[Stored dataset items]
+===+
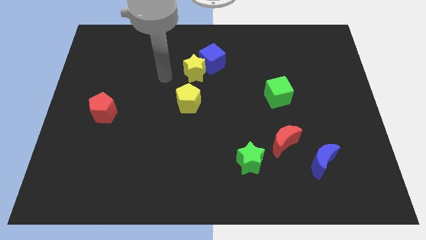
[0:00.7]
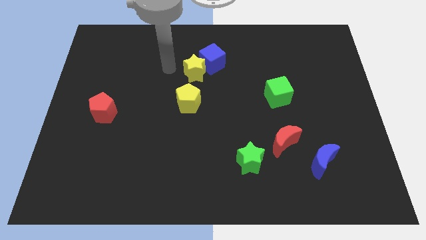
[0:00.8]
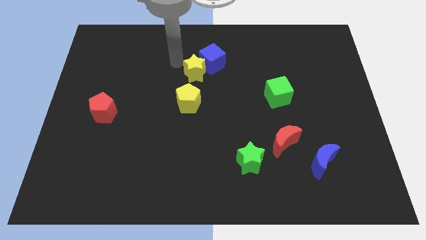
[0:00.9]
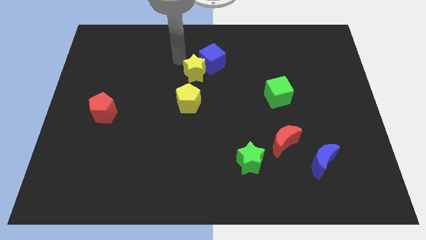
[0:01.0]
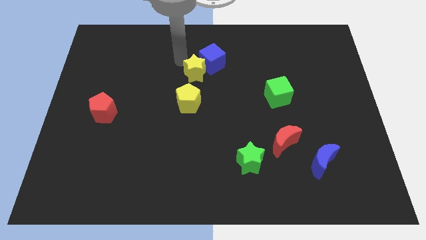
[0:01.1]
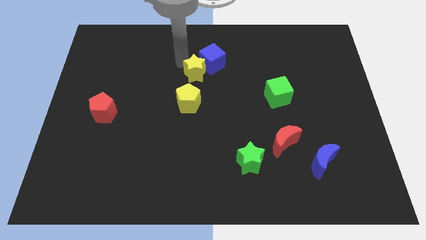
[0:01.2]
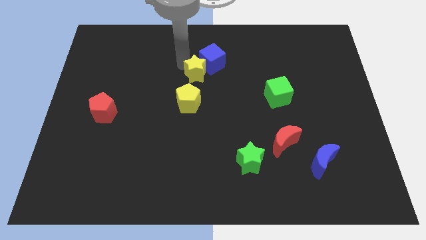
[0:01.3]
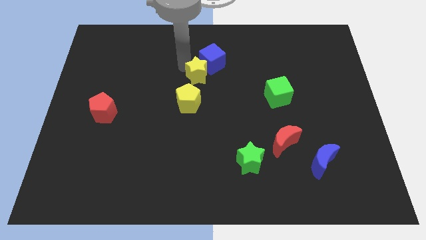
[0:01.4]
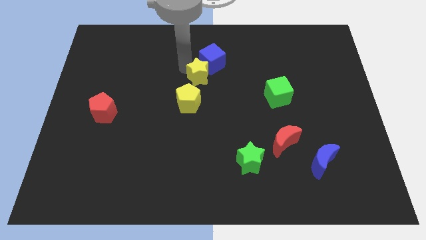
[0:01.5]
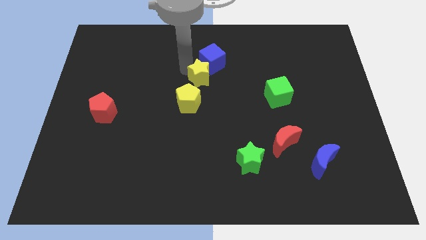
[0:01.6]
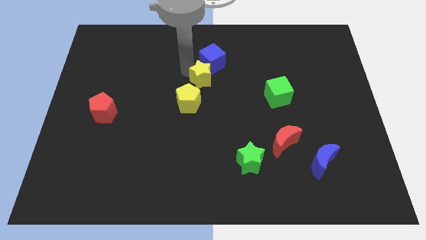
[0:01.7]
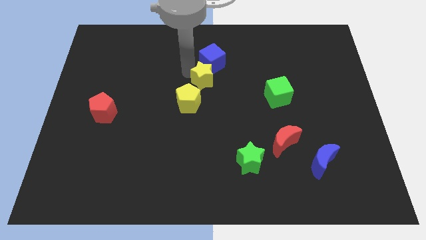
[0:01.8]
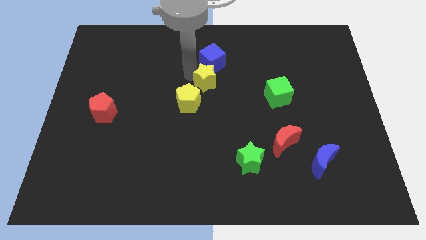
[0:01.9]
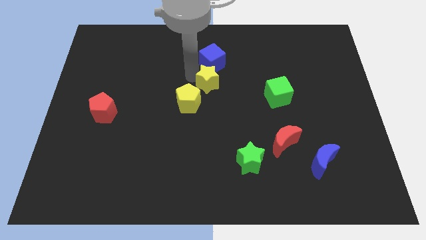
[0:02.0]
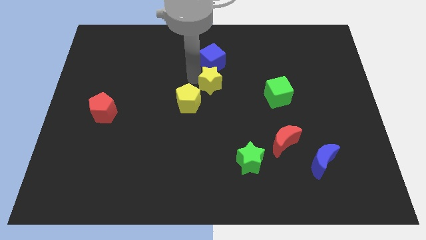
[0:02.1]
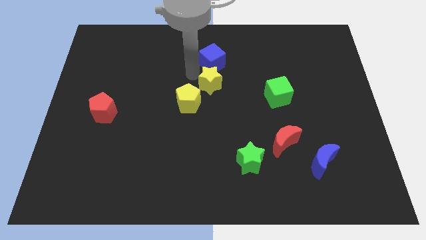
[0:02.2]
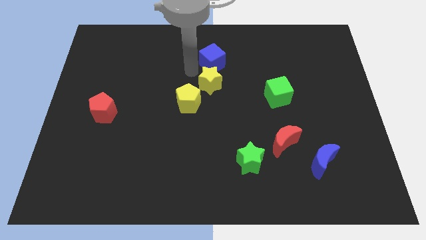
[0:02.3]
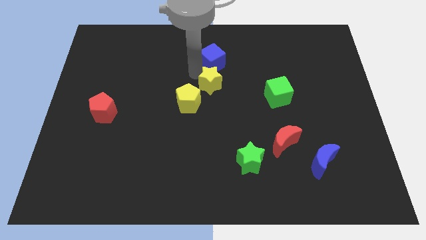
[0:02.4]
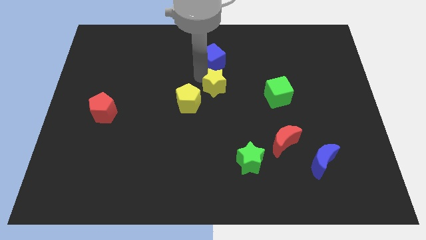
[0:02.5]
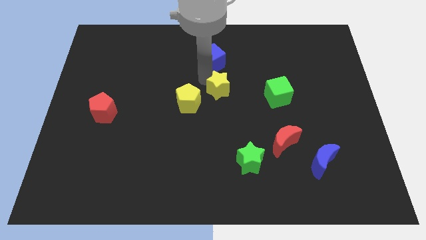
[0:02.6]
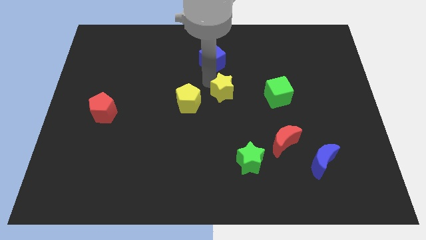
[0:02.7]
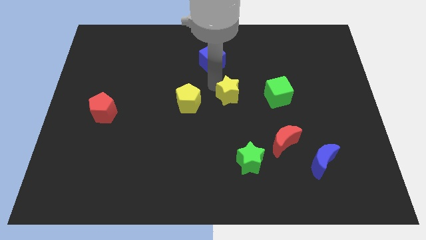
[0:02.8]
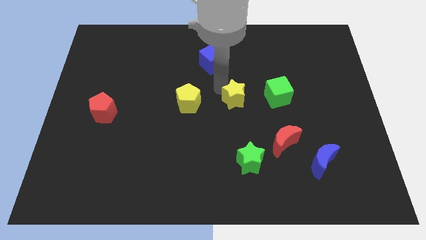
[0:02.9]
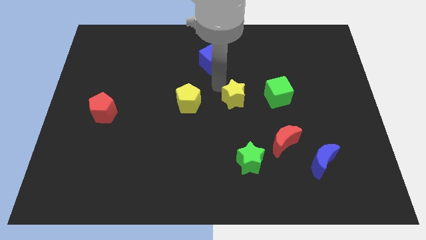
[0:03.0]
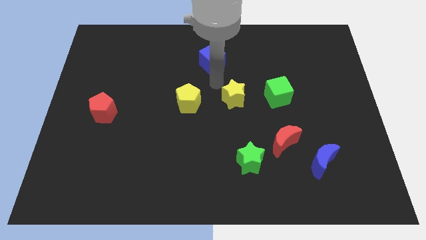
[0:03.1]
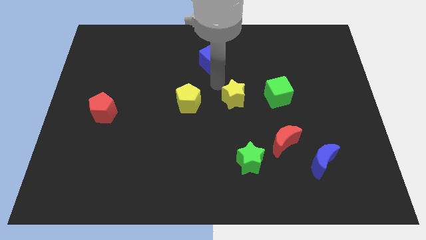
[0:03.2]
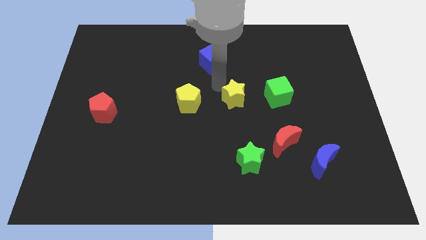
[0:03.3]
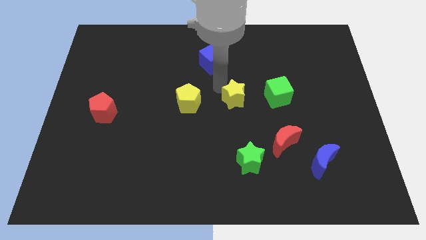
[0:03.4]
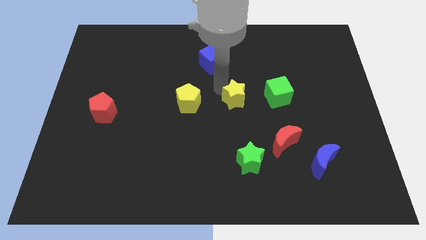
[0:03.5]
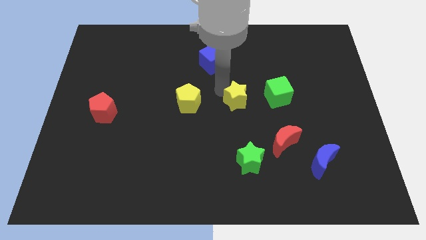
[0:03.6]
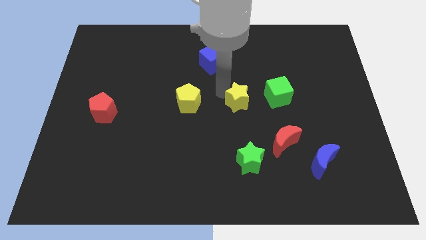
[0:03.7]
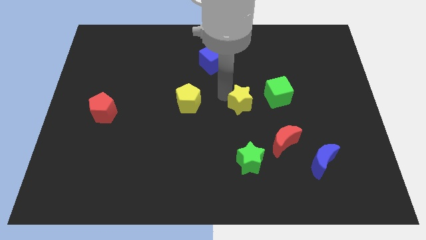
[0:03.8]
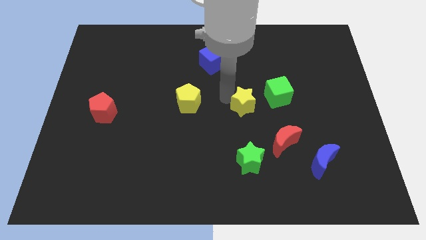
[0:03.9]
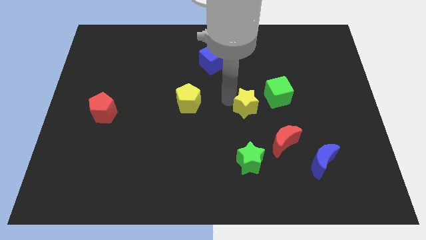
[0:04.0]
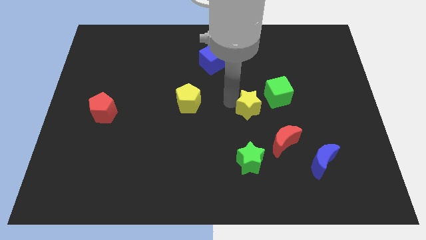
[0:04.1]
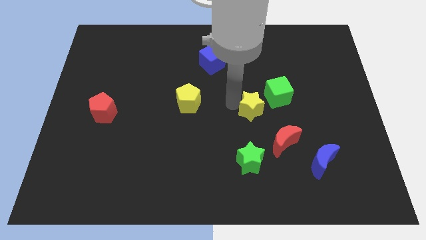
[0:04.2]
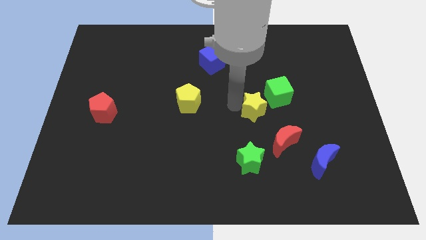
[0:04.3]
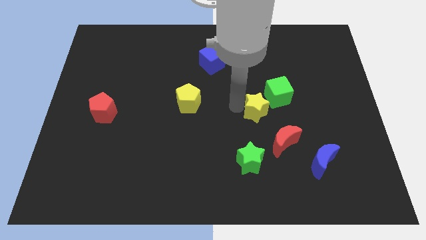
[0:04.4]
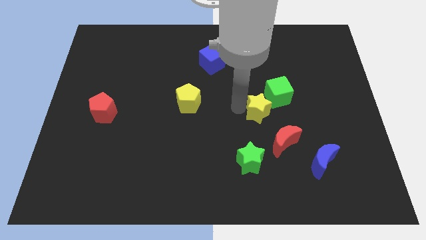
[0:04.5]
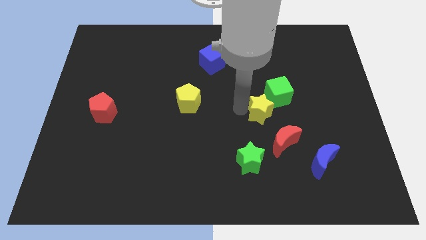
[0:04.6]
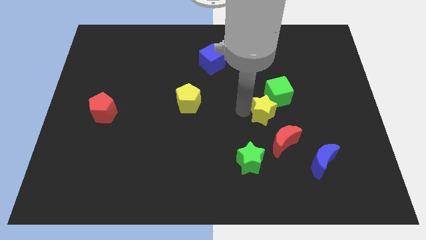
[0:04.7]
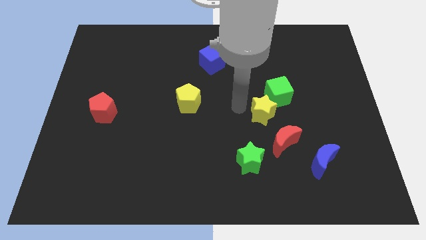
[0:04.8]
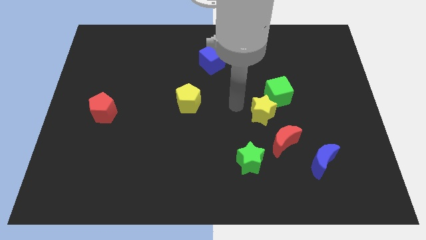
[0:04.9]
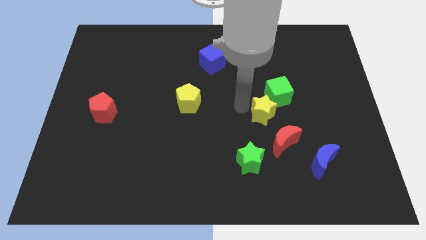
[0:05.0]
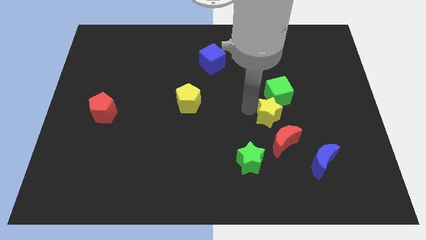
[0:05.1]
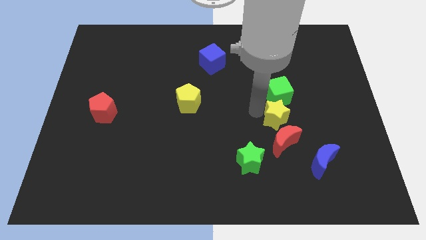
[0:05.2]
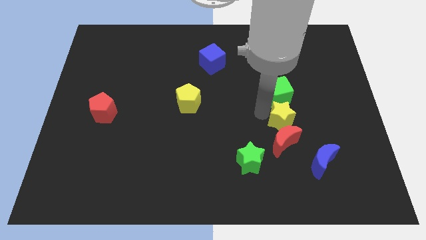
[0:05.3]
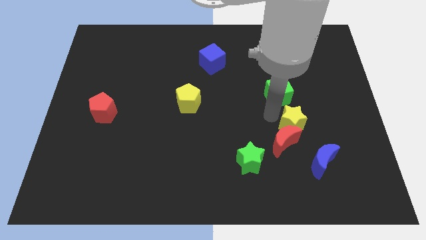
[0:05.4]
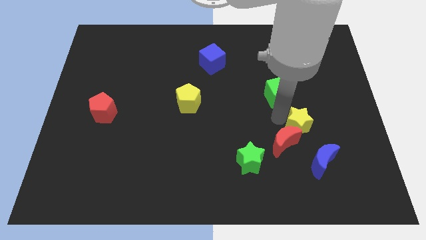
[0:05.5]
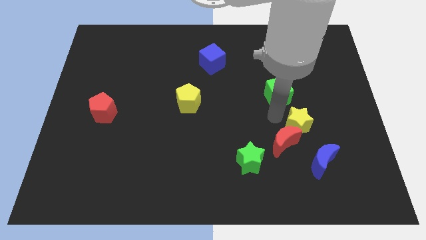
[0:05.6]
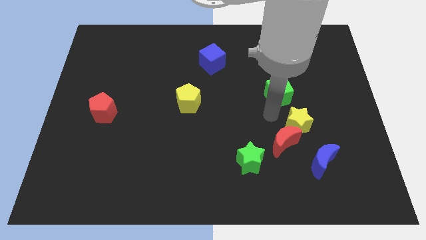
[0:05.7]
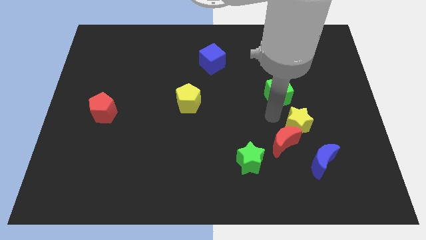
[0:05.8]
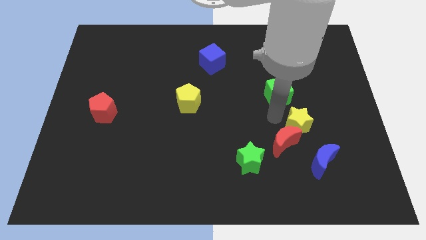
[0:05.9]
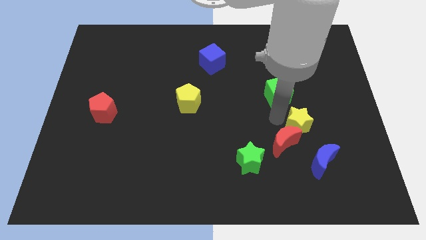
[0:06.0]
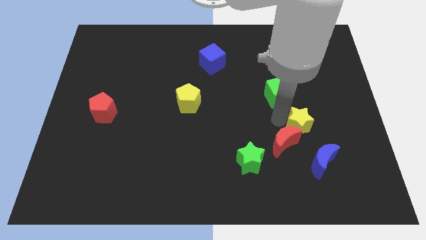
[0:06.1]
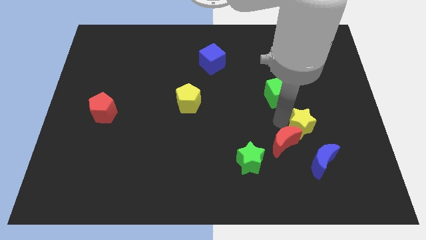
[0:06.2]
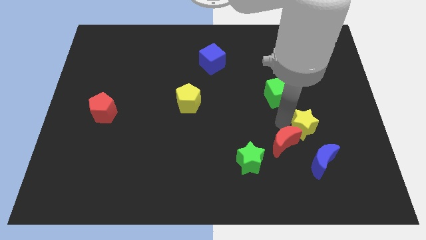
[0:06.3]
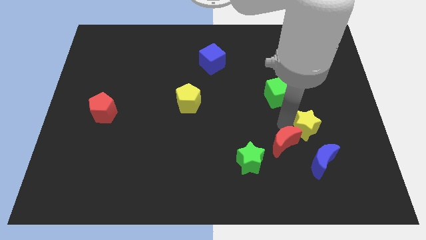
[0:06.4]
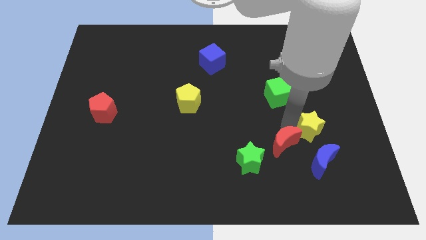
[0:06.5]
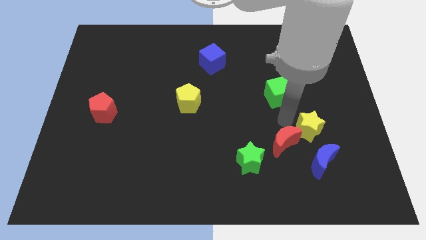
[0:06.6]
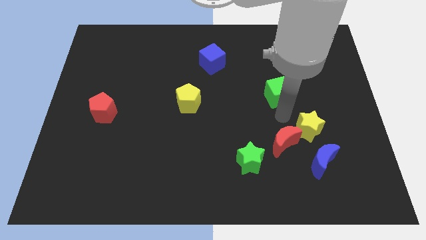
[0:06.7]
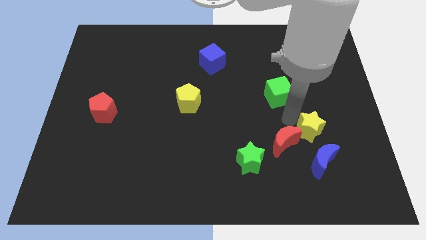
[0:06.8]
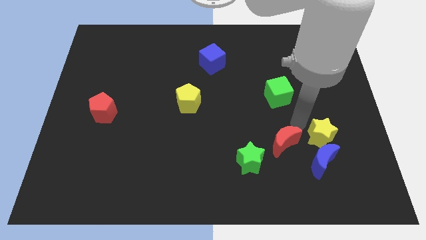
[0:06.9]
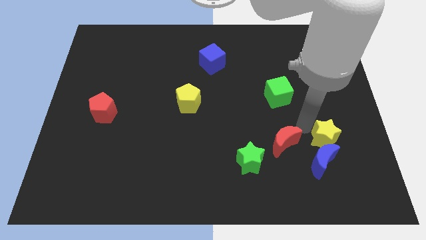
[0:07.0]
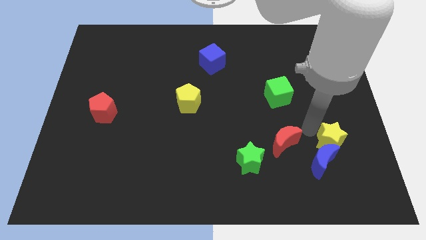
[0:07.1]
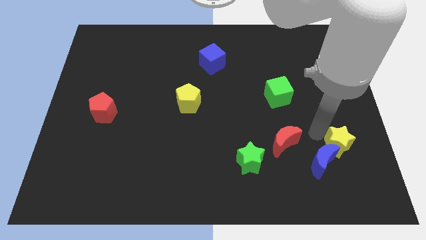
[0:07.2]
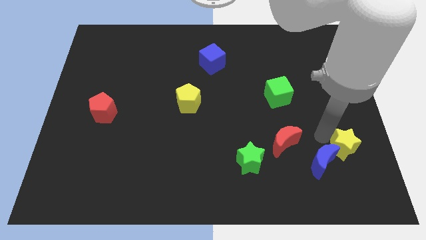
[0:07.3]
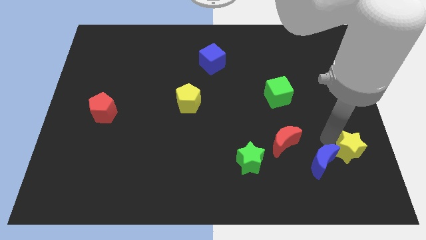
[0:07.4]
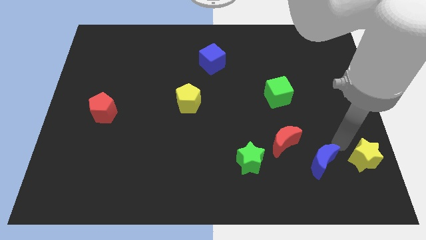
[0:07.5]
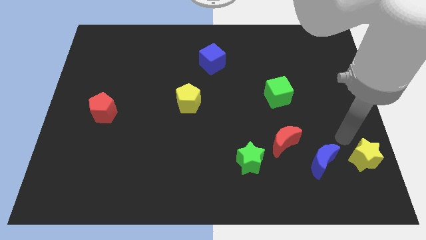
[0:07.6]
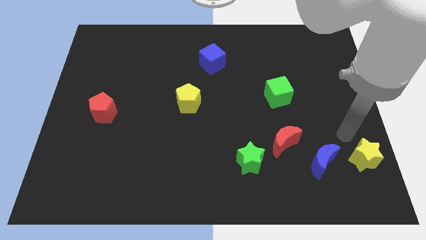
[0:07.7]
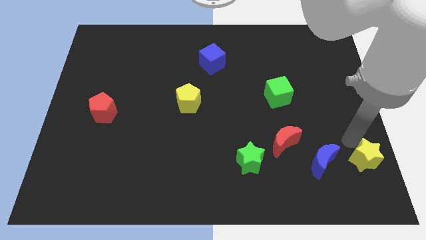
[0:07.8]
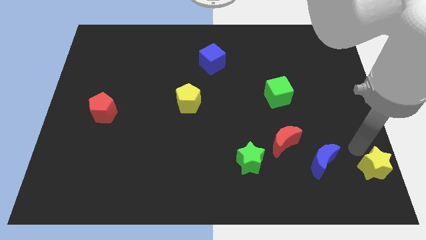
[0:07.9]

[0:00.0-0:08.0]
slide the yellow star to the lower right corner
+===+
§ **Work task**: Go through the data and return every word of it verbatim, leaving out the pictures.

§ **Exercise answer**:
[0:00.7]
[0:00.8]
[0:00.9]
[0:01.0]
[0:01.1]
[0:01.2]
[0:01.3]
[0:01.4]
[0:01.5]
[0:01.6]
[0:01.7]
[0:01.8]
[0:01.9]
[0:02.0]
[0:02.1]
[0:02.2]
[0:02.3]
[0:02.4]
[0:02.5]
[0:02.6]
[0:02.7]
[0:02.8]
[0:02.9]
[0:03.0]
[0:03.1]
[0:03.2]
[0:03.3]
[0:03.4]
[0:03.5]
[0:03.6]
[0:03.7]
[0:03.8]
[0:03.9]
[0:04.0]
[0:04.1]
[0:04.2]
[0:04.3]
[0:04.4]
[0:04.5]
[0:04.6]
[0:04.7]
[0:04.8]
[0:04.9]
[0:05.0]
[0:05.1]
[0:05.2]
[0:05.3]
[0:05.4]
[0:05.5]
[0:05.6]
[0:05.7]
[0:05.8]
[0:05.9]
[0:06.0]
[0:06.1]
[0:06.2]
[0:06.3]
[0:06.4]
[0:06.5]
[0:06.6]
[0:06.7]
[0:06.8]
[0:06.9]
[0:07.0]
[0:07.1]
[0:07.2]
[0:07.3]
[0:07.4]
[0:07.5]
[0:07.6]
[0:07.7]
[0:07.8]
[0:07.9]

[0:00.0-0:08.0]
slide the yellow star to the lower right corner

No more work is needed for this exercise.